From Parang To Ponding: Basking in the Untraditional
/by Eleanor Jewel
Have you ever experienced door to door Parang on Christmas morning? A ‘ponding’ on your birthday? The offering of canang sari?
I absolutely adore tradition. The word itself brings to body and mind the immediate feeling of safe, sacred and protected space. A space that is warm, joy-filled and connected. One that recognizes belonging and calls on us to look forward to time together. Time that becomes yearned for over and over again.
My path to revering tradition was long and wondersome. It’s a challenge to recall any in my own family except for always opening our presents on Christmas Eve. Tradition is very much the practice of connection – whether with your community, your family or your inner-self. Perhaps my family had many traditions for which circumstantially I couldn’t recognize. I come from a household of discord—a space filled with loud and silent screams generated both from chronic illness and severe dysfunction and trauma. A space filled with isolation, interruptions and inconsistencies, or in other words, inherent barriers to the ability to establish, build or successfully practice, tradition.
However, the absence of tradition at home made room for its abundance to be experienced elsewhere. Those of us who grow up without deep running family customs feel a freedom that tradition-filled lives don’t always allow – the freedom to unapologetically miss holidays, birthdays and other “special” times of the year, to go off and seek spaces of connection out in the world.

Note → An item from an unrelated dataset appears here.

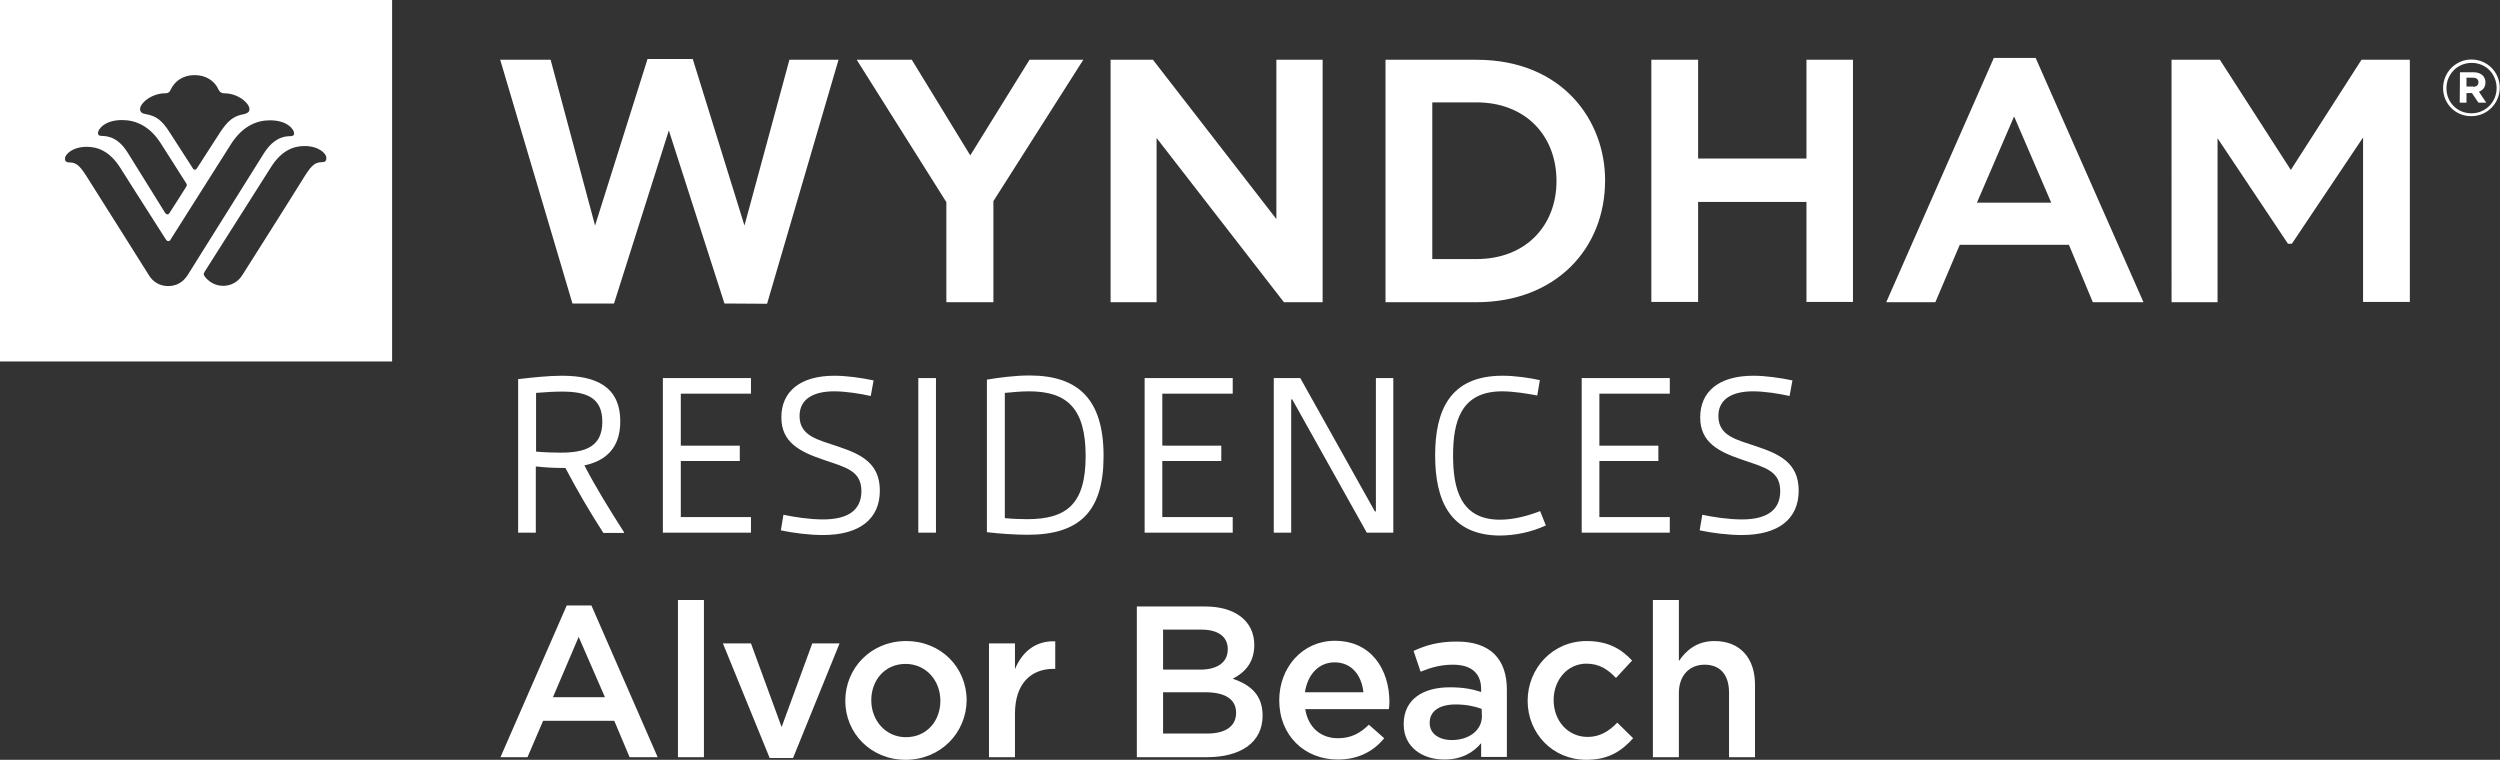<svg version="1.1" id="Camada_1" xmlns="http://www.w3.org/2000/svg" x="0" y="0" viewBox="0 0 962.1 292.4" style="enable-background:new 0 0 962.1 292.4" xml:space="preserve"><rect x="0" y="0" width="962.1" height="292.4" fill="#333333" stroke="none"/><style>.st0{fill:#fff}</style><path class="st0" d="M783.4 22.3h-16.1l-41.4 94h18.9l9.4-22.1h42l9.2 22.1h19.5l-41.5-94zm6 55.7h-28.6l14.3-33.2L789.4 78zM568.2 23h-35v93.3h35c30.5 0 49.5-20.6 49.5-46.8.1-22.9-16.2-46.5-49.5-46.5m0 76.7h-17V39.4h17c18.8 0 30.8 12.7 30.8 30.3 0 17.1-11.8 30-30.8 30M396.2 23h20.7l-34.6 54.4v38.9h-18.1V77.8L329.7 23h21.2l22.5 36.8L396.2 23zm-117.4 93.8-21.4-66.6-21.1 66.6h-16L192.5 23h19.4L229 86.8l20.2-64.1h17.4l19.9 64.1L303.8 23h18.9l-27.5 93.9-16.4-.1zM491.3 23H509v93.3h-14.9l-49-63.2v63.2h-17.7V23h16.3l47.5 61.3V23h.1zm203.9 93.2V77.7h-41.7v38.5h-18V23h18v38h41.7V23h17.9v93.2h-17.9zM908.8 23h18.6v93.2h-18V52.9L882 93.8h-1.5l-27.1-40.6v63.1h-17.7V23h18.6l27.3 42.4L908.8 23zm31.4 10.9c0-6 4.8-11 10.9-11S962 27.8 962 33.7v.1c0 5.9-4.8 10.9-10.9 10.9-6.1.1-10.9-4.8-10.9-10.8m20.6 0c0-5.4-4.1-9.7-9.6-9.7s-9.7 4.4-9.7 9.7v.1c0 5.3 4.1 9.6 9.6 9.6s9.7-4.4 9.7-9.7m-14.1-6.1h5.2c1.6 0 2.8.5 3.6 1.3.6.6 1 1.5 1 2.5v.1c0 1.9-1 3-2.5 3.6l2.8 4.2h-3l-2.5-3.7h-2.1v3.7h-2.6l.1-11.7zm5.1 5.6c1.3 0 2-.7 2-1.7v-.1c0-1.1-.8-1.7-2.1-1.7h-2.5v3.4h2.6v.1zM0 0v139.1h150.9V0H0zm63.6 35.9c1.2 0 1.8-.6 2.1-1.4 1.5-3.3 4.8-5.6 9.2-5.6 4.4 0 7.8 2.3 9.2 5.6.4.8 1 1.4 2.2 1.4 5.3 0 9.7 3.8 9.7 6.1 0 1.1-.8 1.6-2 1.9-4 .7-6.2 2.3-9.4 7.2-3.5 5.5-8.5 13.1-8.7 13.5-.4.6-.6.7-.9.7s-.5 0-.9-.7c-.3-.4-5.2-8.1-8.7-13.5-3.1-4.9-5.3-6.5-9.4-7.2-1.2-.2-2.1-.7-2.1-1.9 0-2.3 4.4-6.1 9.7-6.1zM47 46.2c5.1 0 10.6 2.2 14.9 9 2.2 3.4 9.7 15.2 9.8 15.4.1.2.2.4.2.6s-.1.4-.2.6-6.3 10-6.5 10.2c-.2.3-.4.5-.8.5-.3 0-.6-.2-.8-.5-.1-.2-11.9-19.1-14.3-23s-5.4-6.7-10.3-6.7c-1 0-1.3-.5-1.3-1.1 0-1.4 2.5-5 9.3-5zm17.7 63.9c-3.3 0-5.9-1.7-7.4-4.2 0 0-20-31.8-22.7-36-3.6-5.8-4.8-7.4-8-7.4-1.3 0-1.6-.7-1.6-1.4 0-1.8 3-4.6 8.4-4.6 4.1 0 8.8 1.6 12.9 8.1 0 0 10 15.8 17.5 27.5.3.4.5.7 1 .7s.8-.4.9-.7c3.7-5.9 21.1-33.3 23.3-36.8 4.4-6.8 9.8-9 14.9-9 6.8 0 9.3 3.6 9.3 5 0 .6-.3 1.1-1.4 1.1-4.8 0-7.9 2.9-10.3 6.7s-27.6 44.1-29.3 46.8c-1.8 2.8-4.4 4.2-7.5 4.2zM124 62.4c-3.2 0-4.5 1.7-8 7.4-2.6 4.3-22.7 36-22.7 36-1.5 2.5-4.2 4.2-7.4 4.2-3.3 0-5.8-1.8-7.1-3.6-.2-.3-.4-.6-.4-.9 0-.4.3-.7.4-1 .2-.3 25.5-40.2 25.5-40.2 4.1-6.5 8.8-8.1 12.9-8.1 5.4 0 8.4 2.8 8.4 4.6 0 .9-.3 1.6-1.6 1.6zm75.4 83.5c5.3-.6 11.6-1.3 16.8-1.3 12.8 0 22.5 3.9 22.5 17.6 0 10.3-5.7 15.2-13.8 16.9 4.3 8.3 9.6 16.9 15.3 25.8l-.1.2h-7.9c-5.3-8.2-10.3-16.8-14.6-25-4.8 0-7.9-.2-11.4-.6V205h-6.8v-59.1zm16.4 28.3c9.5 0 16-2.3 16-11.9 0-9.3-6.1-11.6-15.5-11.6-2.8 0-6.6.2-10 .5v22.6c3.5.3 7.3.4 9.5.4m39.3-28.7H289v6h-27v20h22.7v5.9H262V199h27v6h-33.9v-59.5zm46.4 52.6c4.1.9 10.3 1.8 15.2 1.8 9 0 14.8-3.1 14.8-10.9 0-7.8-5.9-9.1-14.4-12-9.5-3.2-16.4-6.8-16.4-16.4 0-9.8 7.1-16 20.4-16 4.8 0 10.3.8 15.1 1.8l-1.1 6c-4-.9-9.6-1.8-14.1-1.8-7.4 0-13.3 2.6-13.3 9.5 0 7.7 7 9.1 14.7 11.7 8.6 2.9 16.2 6.2 16.2 17s-7.6 17.1-21.9 17.1c-5.3 0-11.5-.8-16.2-1.8l1-6zm51.9-52.6h6.8V205h-6.8v-59.5zm26.4.6c4.6-.8 10.9-1.6 16.4-1.6 18.9 0 28.5 9.3 28.5 31 0 21.3-9.2 30.3-29.2 30.3-4.3 0-10.9-.4-15.7-1v-58.7zm15.5 53.7c15.2 0 22.5-5.8 22.5-24.3 0-18.3-7.1-24.9-21.8-24.9-3.2 0-7 .4-9.3.6v48.2c3 .3 6.4.4 8.6.4m45.2-54.3h33.9v6h-27.1v20H470v5.9h-22.7V199h27.1v6h-33.9v-59.5zm49.7 0h10.2l28.7 51.3h.4v-51.3h6.7V205H526l-28.7-51.3h-.4V205h-6.7v-59.5zm62.1 29.8c0-17.1 5.5-30.7 25.9-30.7 5 0 10.3.8 14.4 1.7l-1 5.9c-3.7-.7-9.2-1.6-13.5-1.6-15.9 0-18.9 11.6-18.9 24.7 0 12.3 2.6 24.7 18 24.7 5.4 0 10.8-1.5 15.5-3.3l2.2 5.5c-5.5 2.6-12 3.9-17.9 3.9-19.1-.2-24.7-13.7-24.7-30.8m56.4-29.8h33.9v6h-27.1v20h22.7v5.9h-22.7V199h27.1v6h-33.9v-59.5zm46.4 52.6c4.1.9 10.3 1.8 15.2 1.8 9 0 14.8-3.1 14.8-10.9 0-7.8-5.9-9.1-14.4-12-9.5-3.2-16.4-6.8-16.4-16.4 0-9.8 7.1-16 20.4-16 4.8 0 10.3.8 15.1 1.8l-1.1 6c-4-.9-9.6-1.8-14.1-1.8-7.4 0-13.3 2.6-13.3 9.5 0 7.7 7 9.1 14.7 11.7 8.6 2.9 16.2 6.2 16.2 17s-7.6 17.1-21.9 17.1c-5.3 0-11.5-.8-16.2-1.8l1-6zM253.1 291.4h-10.8l-5.9-14H209l-6 14h-10.4l25.5-58.4h9.5l25.5 58.4zm-30.4-46.3-9.9 23.2h20l-10.1-23.2zm38.2 46.3v-60.5h10v60.5h-10zm51.7-43.8h10.5l-17.9 44.1h-9l-18-44.1H289l11.8 32.2 11.8-32.2zm35.9 44.8c-13.3 0-23.2-10.2-23.2-22.7 0-12.6 9.9-23 23.4-23s23.3 10.2 23.3 22.8c-.1 12.5-10 22.9-23.5 22.9zm0-36.9c-8 0-13.2 6.3-13.2 14 0 7.8 5.6 14.2 13.3 14.2 8.1 0 13.3-6.3 13.3-14 0-7.9-5.6-14.2-13.4-14.2zm42.1 35.9h-10v-43.8h10v9.9c2.7-6.5 7.8-11 15.5-10.7v10.6h-.6c-8.8 0-14.9 5.7-14.9 17.3v16.7zm92.1-43.2c0 7.1-4 10.8-8.3 13 6.8 2.3 11.5 6.2 11.5 14.2 0 10.4-8.5 16-21.5 16h-26.9v-58h26c11.8-.1 19.2 5.6 19.2 14.8zm-10.2 1.6c0-4.7-3.6-7.5-10.2-7.5h-14.7v15.4h13.9c6.6.1 11-2.5 11-7.9zm3.2 24.5c0-5-3.9-7.9-11.9-7.9h-16.2v15.9h16.9c7 0 11.2-2.7 11.2-8zm39.2 9.8c4.9 0 8.4-1.8 11.9-5.2l5.9 5.2c-4.1 5-9.9 8.2-17.9 8.2-12.7 0-22.5-9.2-22.5-22.8 0-12.6 8.9-22.9 21.4-22.9 13.9 0 21 10.9 21 23.6 0 .9-.1 1.7-.2 2.7h-32.2c1.2 7.3 6.2 11.2 12.6 11.2zm9.8-17.7c-.7-6.5-4.5-11.5-11.1-11.5-6.1 0-10.4 4.7-11.4 11.5h22.5zm45.3 25V286c-3 3.6-7.5 6.3-14.2 6.3-8.3 0-15.6-4.7-15.6-13.5v-.2c0-9.5 7.5-14.1 17.7-14.1 5.3 0 8.7.7 12.1 1.8v-1.1c0-6.1-3.8-9.4-10.8-9.4-4.9 0-8.5 1.1-12.5 2.7l-2.7-8c4.8-2.2 9.5-3.6 16.7-3.6 12.9 0 19.2 6.8 19.2 18.5v25.9H570v.1zm.2-18.6c-2.6-1-6.1-1.7-10-1.7-6.3 0-10 2.6-10 7v.2c0 4.1 3.7 6.5 8.5 6.5 6.6 0 11.6-3.7 11.6-9.2l-.1-2.8zm40.3 19.6c-13 0-22.6-10.2-22.6-22.7s9.6-23 22.7-23c8.3 0 13.4 3.1 17.5 7.5l-6.2 6.7c-3.1-3.2-6.3-5.5-11.4-5.5-7.3 0-12.6 6.3-12.6 14 0 7.9 5.4 14.2 13.1 14.2 4.7 0 8.2-2.2 11.4-5.5l6.1 6c-4.4 4.9-9.4 8.3-18 8.3zm35.6-1h-10v-60.5h10v23.5c2.8-4.1 6.9-7.7 13.7-7.7 9.9 0 15.6 6.6 15.6 16.8v27.9h-10v-24.9c0-6.8-3.4-10.7-9.4-10.7-5.8 0-9.9 4.1-9.9 10.9v24.7z"/></svg>

And I have. Over and over, again.
I have been traveling independently for about sixteen years. And in that time I have been able to fall in love with the practice of tradition. While many of my experiences involve being a voyeur to festivals and ceremonies, others have enabled me to be fully participatory. As I travel, it’s been the moments of participating in others' traditions that made me feel the most connected and thus most welcome.
My first Christmas abroad, spent with cousins in Tobago, had me out in the even-the-rooster-is-still-sleeping wee hours of the morning, knocking on doors & singing Parang (popular folk music from Trinidad and Tobago, originally brought to the island by Venezuelan migrants) to all the guests at the family’s Kariwak resort. Afterwards, we gathered to open presents together while drinking my Uncle’s homemade sorrel and sharing stories of appreciation. Safe & comforting tradition.
I spent my 29th birthday as a master’s student at the University of Ghana. By the time my birthday rolled around in February I had already become accustomed to the tradition of “ponding”—whereby anyone and everyone who knows it’s your birthday, soaks you with water. I was happily drenched, not just in water but in friendship & love. Joy-filled tradition.
During the 4th of July this year, I was on a guided journey in Bali, Indonesia and was privileged to participate in the daily offering of canang sari (an offering a gratitude, composed of coconut leaves, bamboo and flowers, made by Balinese Hindus in an act of praise and prayer.) Sacred tradition.
The experiences go on and on, as I have been to five continents (and the Caribbean.) With each new exposure to these rituals of connection, I develop a deeper and deeper insight into how I will one day be able to create traditions in my own home, including that of sharing in the customs of others around the world.